BEGIN ENTRIES SUPPLIED

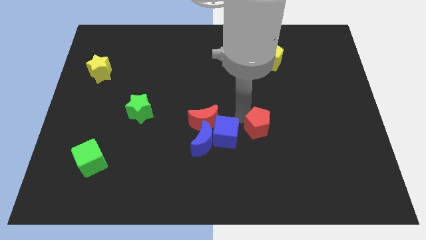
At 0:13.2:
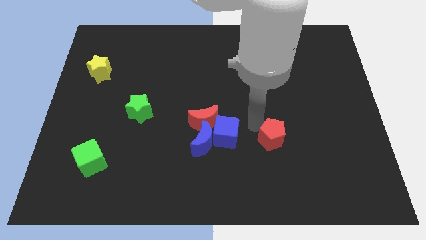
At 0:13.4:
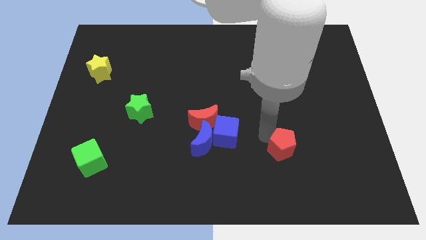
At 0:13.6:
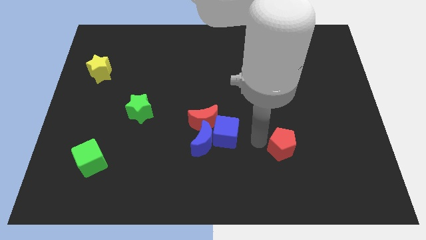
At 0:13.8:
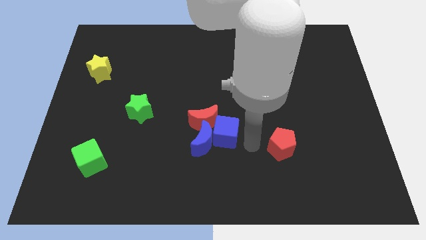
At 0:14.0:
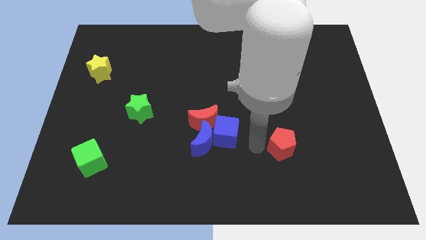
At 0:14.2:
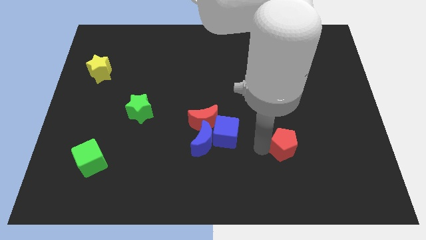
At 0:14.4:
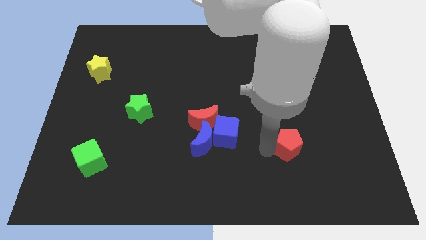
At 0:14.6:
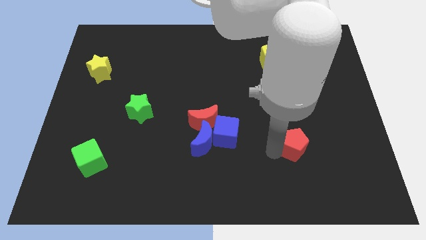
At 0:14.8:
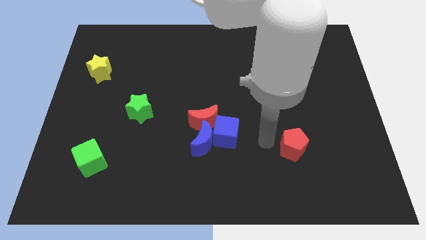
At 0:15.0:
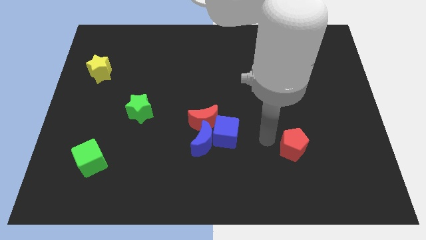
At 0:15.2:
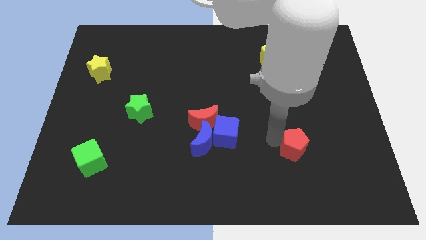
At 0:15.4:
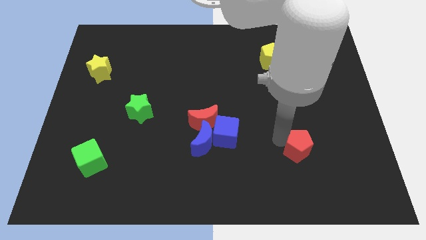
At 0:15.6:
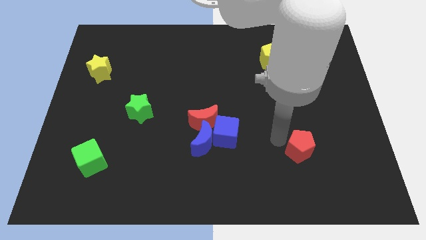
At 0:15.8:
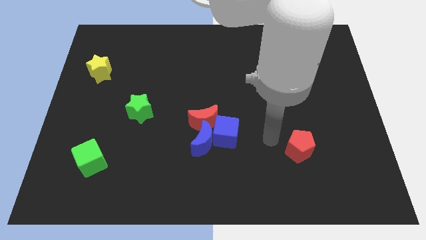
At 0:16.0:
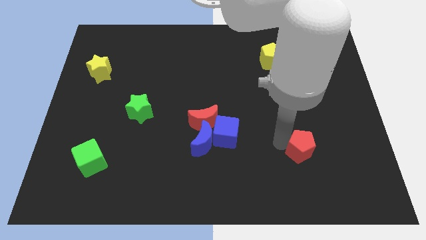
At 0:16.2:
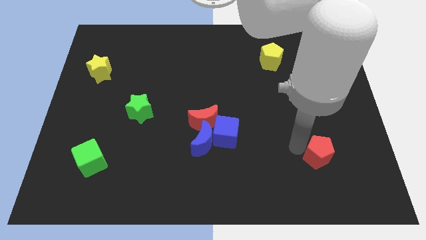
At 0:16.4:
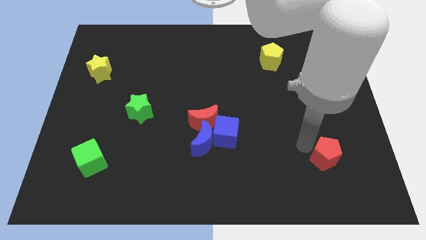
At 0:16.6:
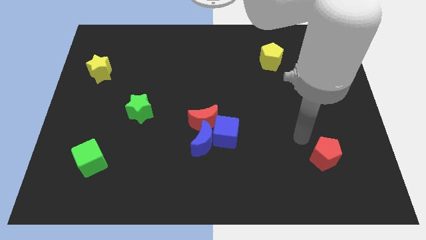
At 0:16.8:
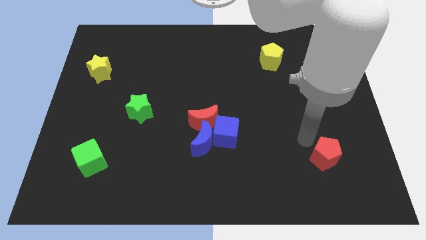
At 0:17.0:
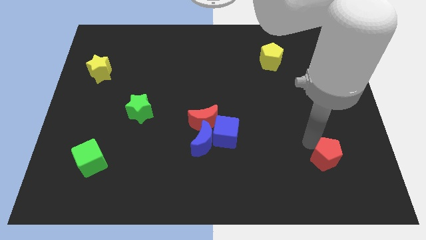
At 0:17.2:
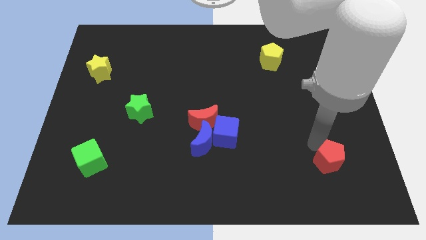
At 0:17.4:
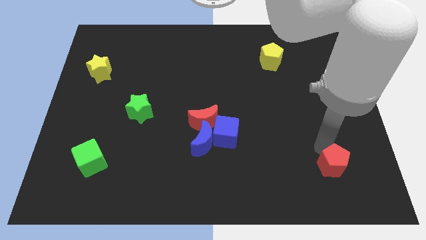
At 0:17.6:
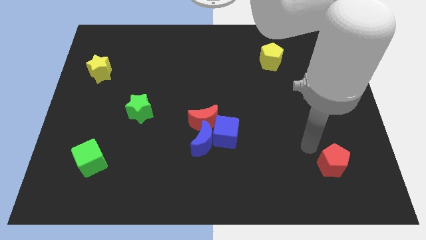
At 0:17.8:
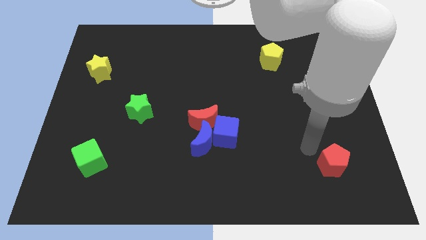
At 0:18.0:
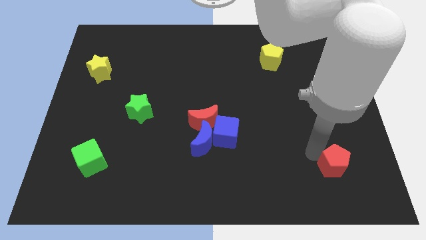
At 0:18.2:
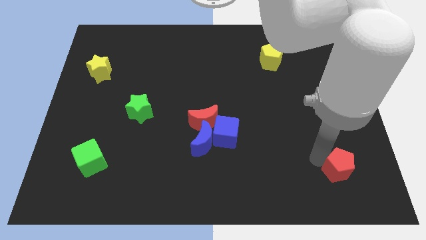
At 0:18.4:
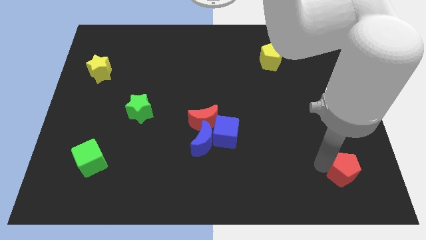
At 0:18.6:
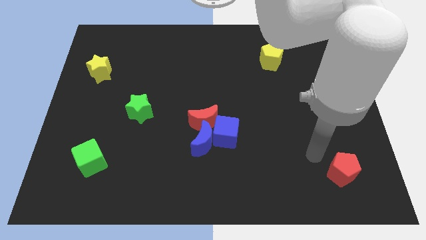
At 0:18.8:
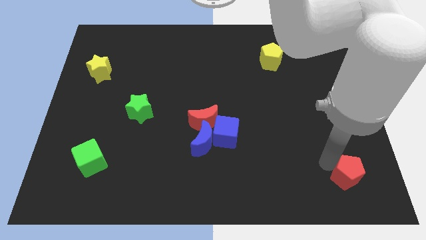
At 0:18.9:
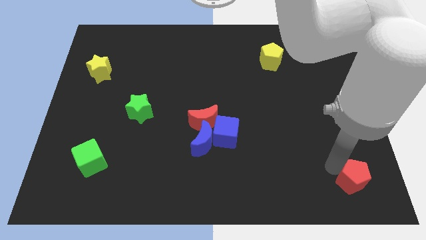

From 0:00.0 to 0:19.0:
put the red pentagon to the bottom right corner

END ENTRIES SUPPLIED

• [WORK ORDER]
Your copy must repeat the data word for word and show none of its images.

• [SOLUTION FOR THIS TASK]
At 0:13.2:
At 0:13.4:
At 0:13.6:
At 0:13.8:
At 0:14.0:
At 0:14.2:
At 0:14.4:
At 0:14.6:
At 0:14.8:
At 0:15.0:
At 0:15.2:
At 0:15.4:
At 0:15.6:
At 0:15.8:
At 0:16.0:
At 0:16.2:
At 0:16.4:
At 0:16.6:
At 0:16.8:
At 0:17.0:
At 0:17.2:
At 0:17.4:
At 0:17.6:
At 0:17.8:
At 0:18.0:
At 0:18.2:
At 0:18.4:
At 0:18.6:
At 0:18.8:
At 0:18.9:

From 0:00.0 to 0:19.0:
put the red pentagon to the bottom right corner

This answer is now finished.